The stagflation of the 1970s, including Richard Nixon's imposition of wage and price controls on August 15, 1971 and in 1972 unilaterally canceling the Bretton Woods system and ceasing the direct convertibility of the United States dollar to gold, as well as the 1973 oil crisis and the recession that followed, unleashed a swelling tide of criticism for Keynesian economics, most notably from Milton Friedman, a leading figure of Monetarism, and the Austrian School's Friedrich von Hayek.[15][16] In 1976, Robert Lucas of the Chicago school of economics introduced the Lucas critique, which called into question the logic behind Keynesian macroeconomic policy making.[17] [10] By 1979, the election of Margaret Thatcher as UK prime minister brought monetarism to British economic policy. In the US, the Federal Reserve under Paul Volker adopted similar policies of monetary tightening in order to squeeze inflation out of the system.[18]

The monetarist experiments in the UK in the early 1980s succeeded in bringing down inflation, but at the cost of unemployment rates in excess of 10%. Contrary to monetarist predictions, the relationship between the money supply and the price level proved unreliable in the short- to medium-term. The US Federal Reserve officially discarded monetarism in 1984[19] and the Bank of England likewise abandoned its sterling M3 money targeting in October 1985.

The early 90s saw some instances of fiscal intervention by policymakers in the US and UK, and such Keynesian remedies were never wholly dropped in Europe and other parts of the world. This period has been described as a time of pragmatism[20], when, rather than following any one economic doctrine, policymakers chose whatever solution seemed to suit the particular circumstances they faced best. Yet free-market influences broadly sympathetic to Monetarism remained very strong at government level in powerful normative institutions like the World Bank, IMF and US Treasury, and in prominent opinion-forming media such as the Financial Times and the Economist

In the wake of the Financial crisis of 2007.2009 the free market consensus began to attract negative comment even by mainstream opinion formers from the economic right.

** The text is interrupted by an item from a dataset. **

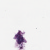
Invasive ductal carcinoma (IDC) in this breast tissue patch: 0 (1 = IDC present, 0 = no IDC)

In the United States and Britain

In March 2008, free-market guru Martin Wolf, chief economics commentator at the Financial Times, announced the death of the dream of global free-market capitalism, and quoted Josef Ackermann, chief executive of Deutsche Bank, as saying "I no longer believe in the market's self-healing power."[22] Shortly afterward economist Robert Shiller began advocating robust government intervention to tackle the financial crisis, specifically citing Keynes.[23][24] Macro economist James K. Galbraith used the 25th Annual Milton Friedman Distinguished Lecture to launch a sweeping attack against the consensus for monetarist economics and argued that Keynesian economics were far more relevant for tackling the emerging crises. [25]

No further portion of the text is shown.